BEST PracticesHow Hankamer students are changing the world
By Charis Boylan
Photograph by Rod Aydelotte
Out of all the impressive students in the Hankamer School of Business, a select group is chosen each year to participate in the BEST program.
A two-semester, accelerated strategic management course, the program
provides an experience something like an honors capstone course, taking
the students out into the real business world and also around the
country and world on business ventures.
The class is formulated to expose students to global and local
businesses and to provide students with hands-on experience. The
acronym BEST stands for the four foundational elements of the year-long
course: Business, Excellence, Scholarship, and Team.
In
the spring of their junior year, students are nominated for the course
by a professor. Interviews are conducted by the previous year's BEST
students, and a selection of twenty-eight bright, team-minded students
is made. Once the course is underway, the students are divided up into
five committees of leadership where they elect two student CEOs—a
structure designed to mimic the business world.

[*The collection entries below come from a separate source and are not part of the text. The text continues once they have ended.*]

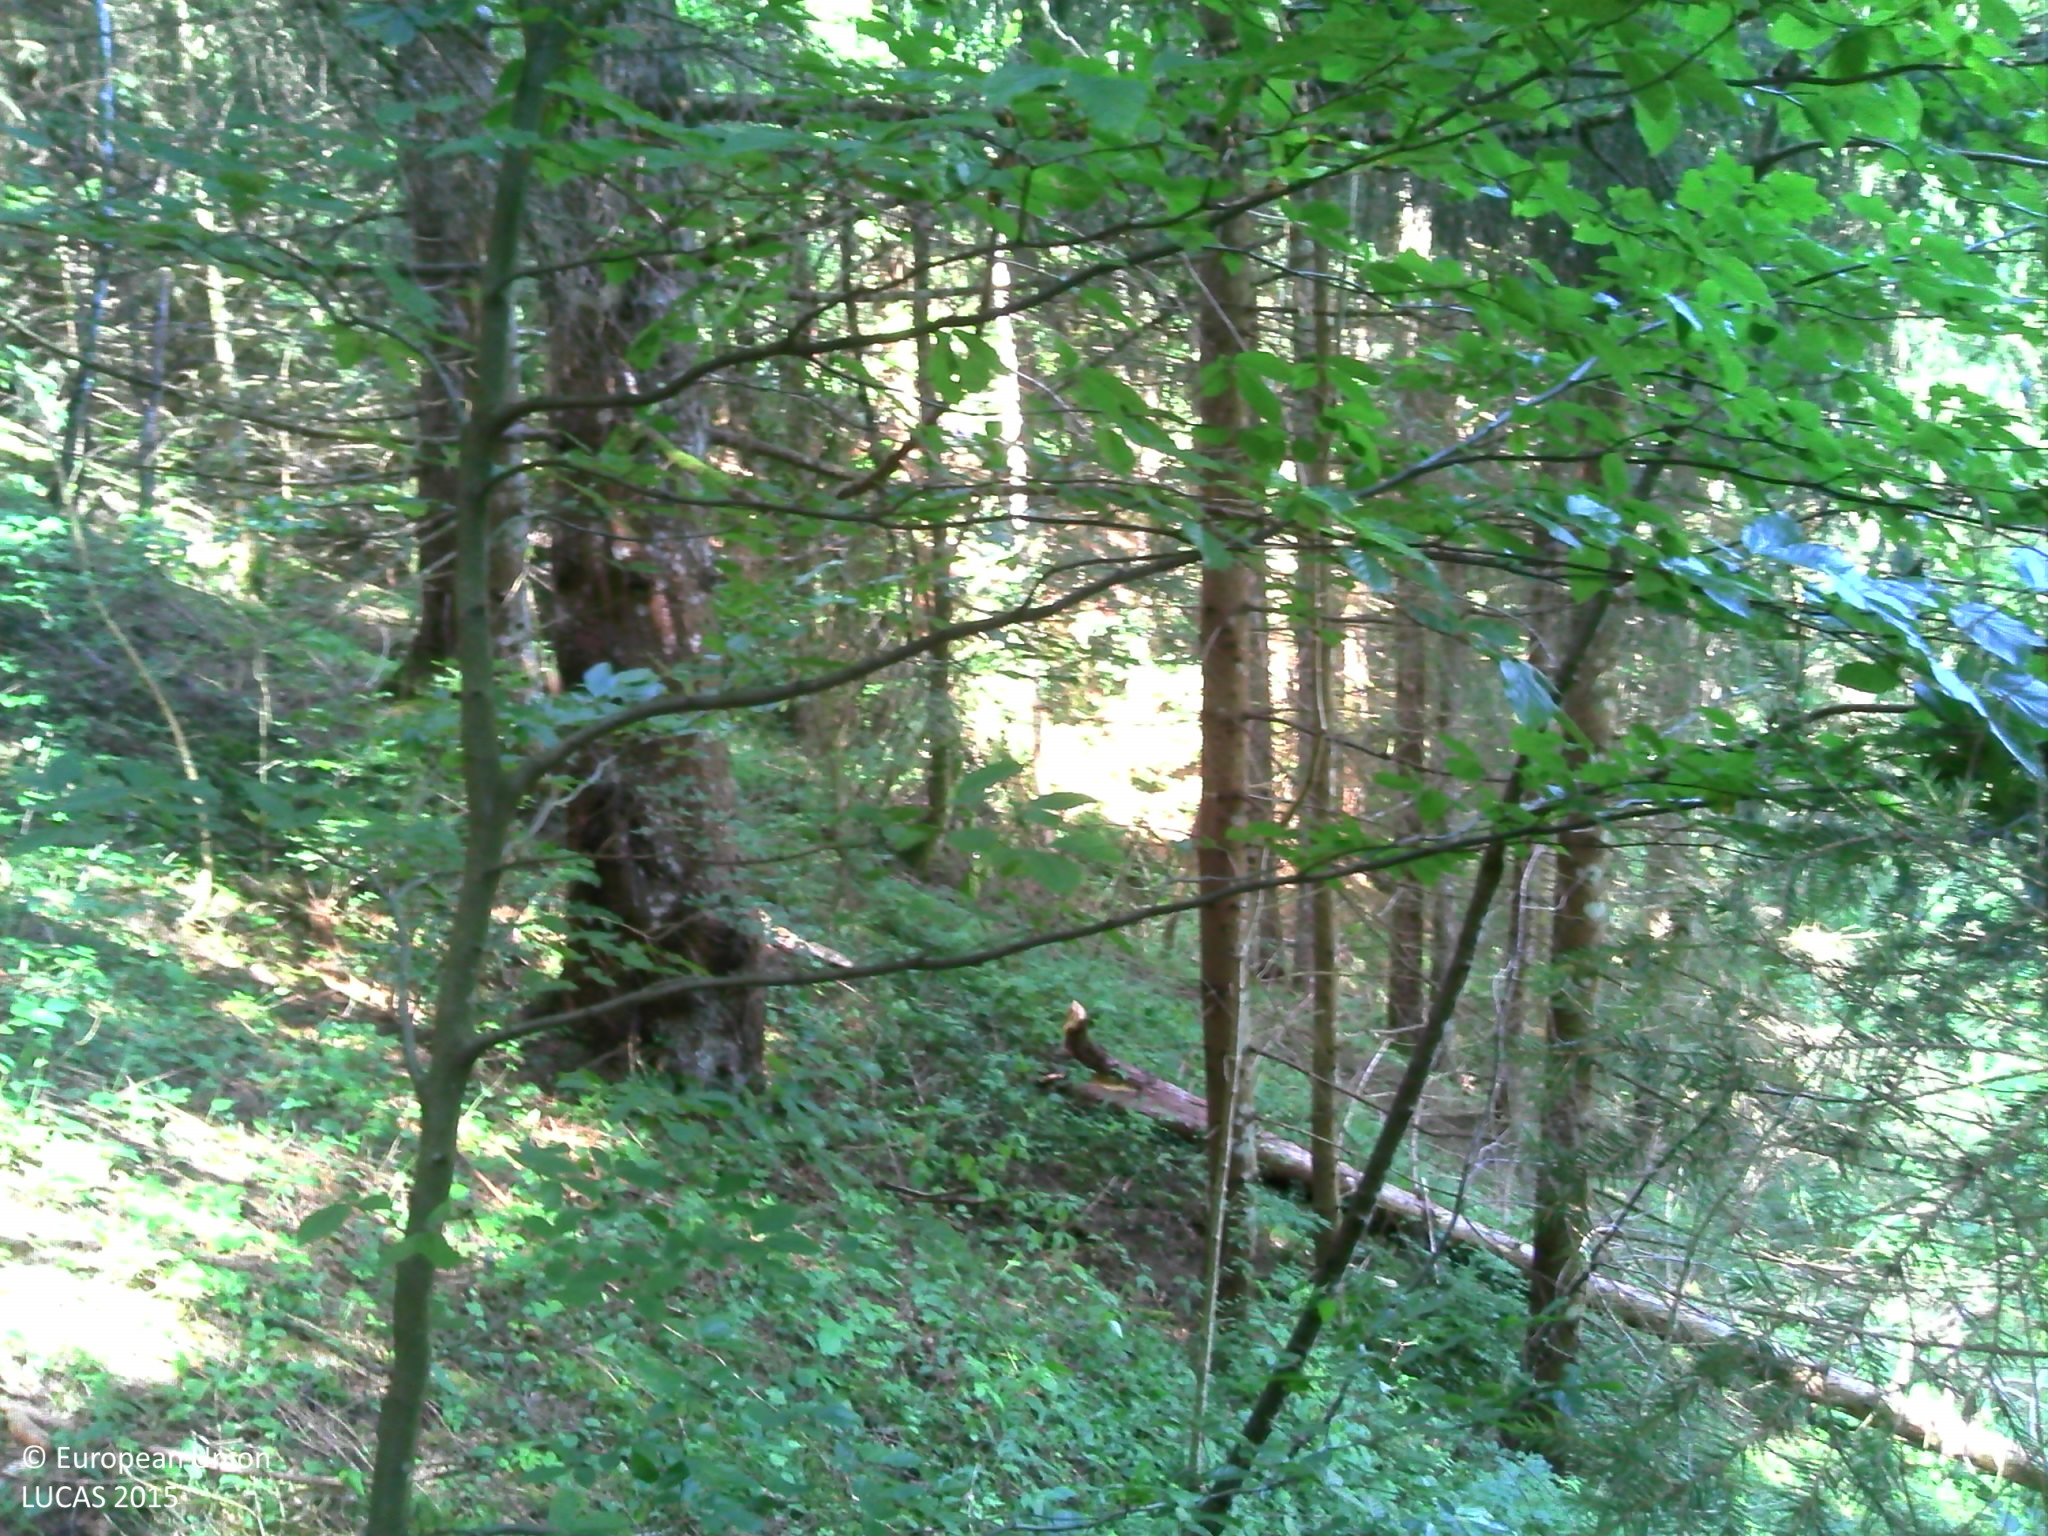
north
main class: Woodland
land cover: Spruce dominated coniferous woodland
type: alpine coniferous forest
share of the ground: > 75 %
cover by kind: coniferous forest trees 70 %, broadleaved forest trees 15 %, herbaceous plants 10 %, lichens and mosses 5 %
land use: Forestry
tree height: > 5 m
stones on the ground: < 10 %
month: July
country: FR
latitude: 46.1667
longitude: 6.4678

Dr. Marlene Reed, visiting professor of management, is the director
for the BEST course. "The goal of the course is for students to know
who they are and what they can contribute—and to understand the
responsibility of privilege," Reed says, noting that she welcomes all
ideas and innovative ways of accomplishing tasks. This semester's
student CEOs, seniors Emily Stroderd and Patrick Roberts (pictured),
agree. "If we're concerned about something in the course, we e-mail Dr.

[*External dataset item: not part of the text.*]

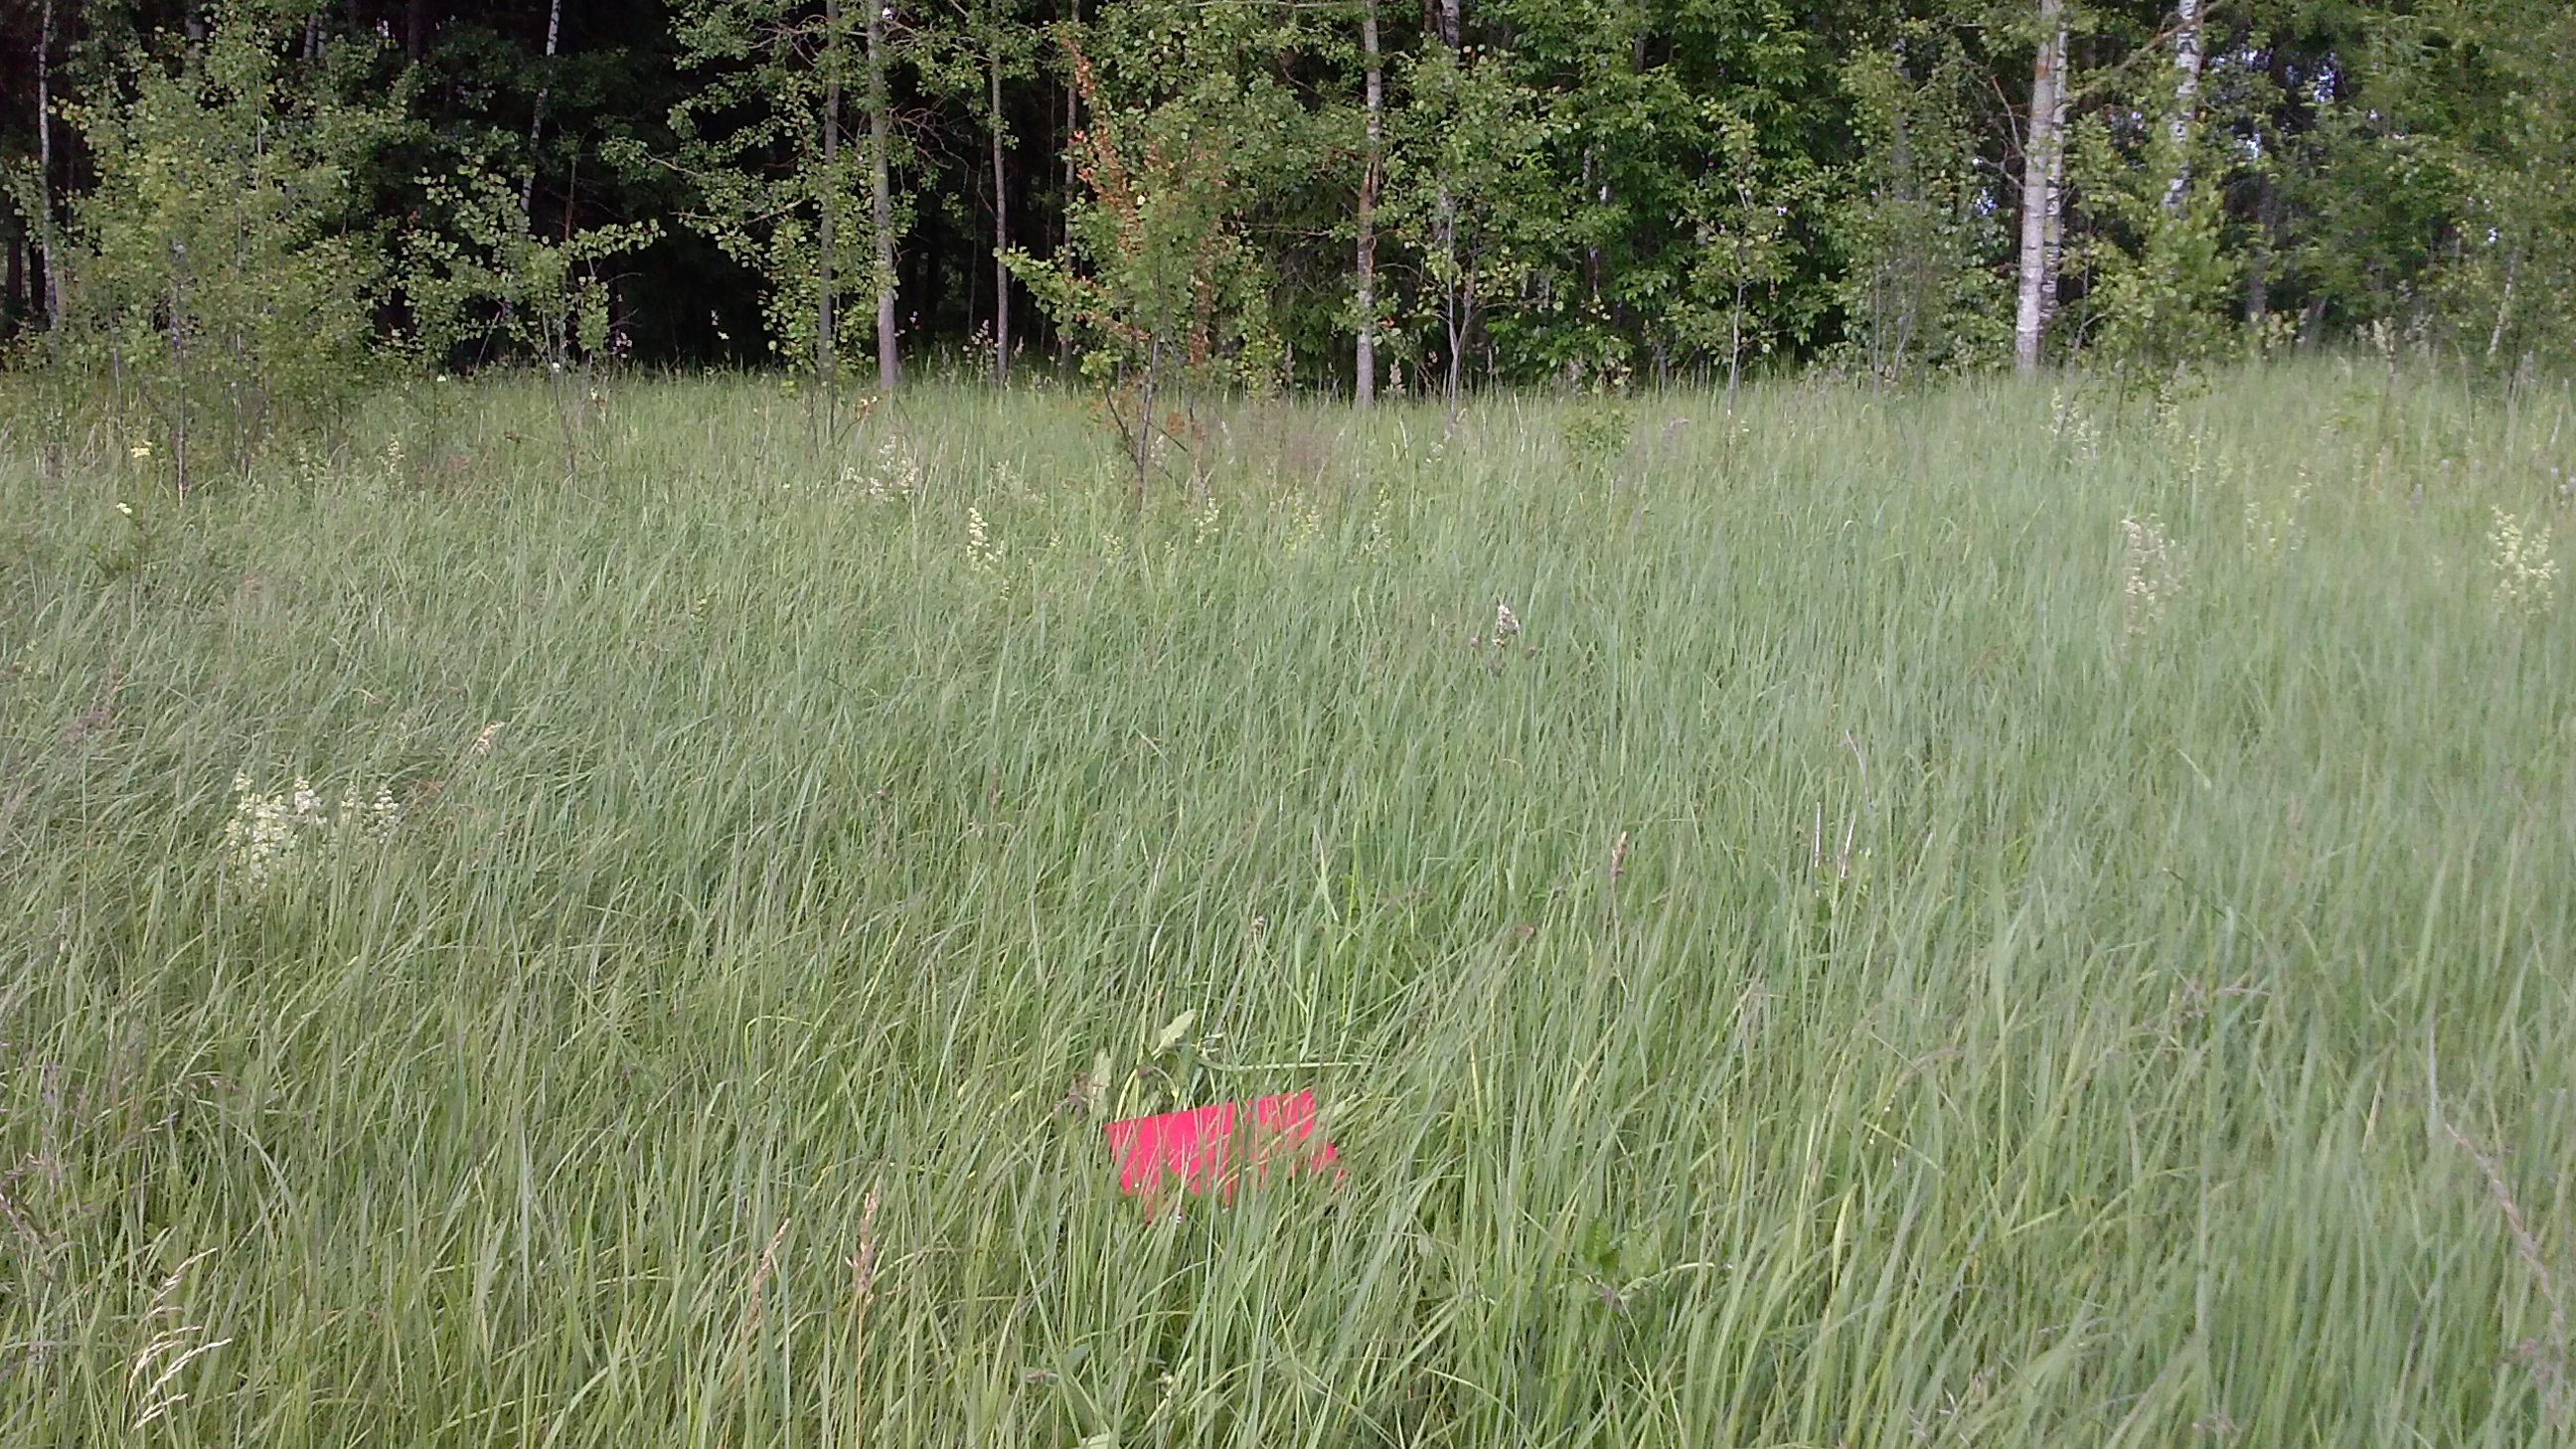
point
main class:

Reed. We have a voice in how the class is run," Stroderd says.
Throughout the school year, Reed presents a series of case studies
from businesses like G.E. and Morgan Stanley for the class to analyze.
"We get to put meaning to the terms we've heard throughout college in
analyzing these case studies. We get to see what it means to be ethical
in business," Stroderd says. "In a lot of cases, it's hard to tell
immediately what is right and wrong. So it shows you how to translate
what it is to be ethical in actual situations."
But the defining characteristic of the BEST program is the class's
interaction with the outside business world. Throughout the year,
students are in contact with business clients who need help developing
business plans. Groups of students devote hours to the work, and
already four of the case studies the students wrote were submitted to
professional journals. Later in the year, these students will stand
before a panel of university professors and defend their ideas. For
BEST students, the pressure and the reality of the business world
becomes real.
The BEST students also take two trips to supplement their in-class
work. In the fall of 2008 Reed and her students traveled to the
Dominican Republic, where they were connected with three separate
clients: an entrepreneur who needed help developing a business plan for
his mobile mill; a resort area named Cabareti, where students worked on
business plans to establish sustainable tourism; and the women and
children of Mata de Palma, a poverty-stricken area. Reed beams while
she talks about the work accomplished by her students. "They know I've
not asked them to do anything easy, but everyone has stepped outside
their comfort zone to help out." The Organization of American States
granted the BEST program $50,000 to continue their work in the
Dominican Republic. This spring the students will take their second
trip, to Washington D.C.
The BEST program is also distinguished by the fast pace of the
class. "Group work that would take six months in another class takes us
one month," Roberts says. "I am trying to keep up with my classmates,
who are churning out such great work." According to Stroderd, "BEST is
a team environment unlike any other in the business school. What makes
it different is that students have to apply to get into it, so it's a
team where everybody wants to work hard."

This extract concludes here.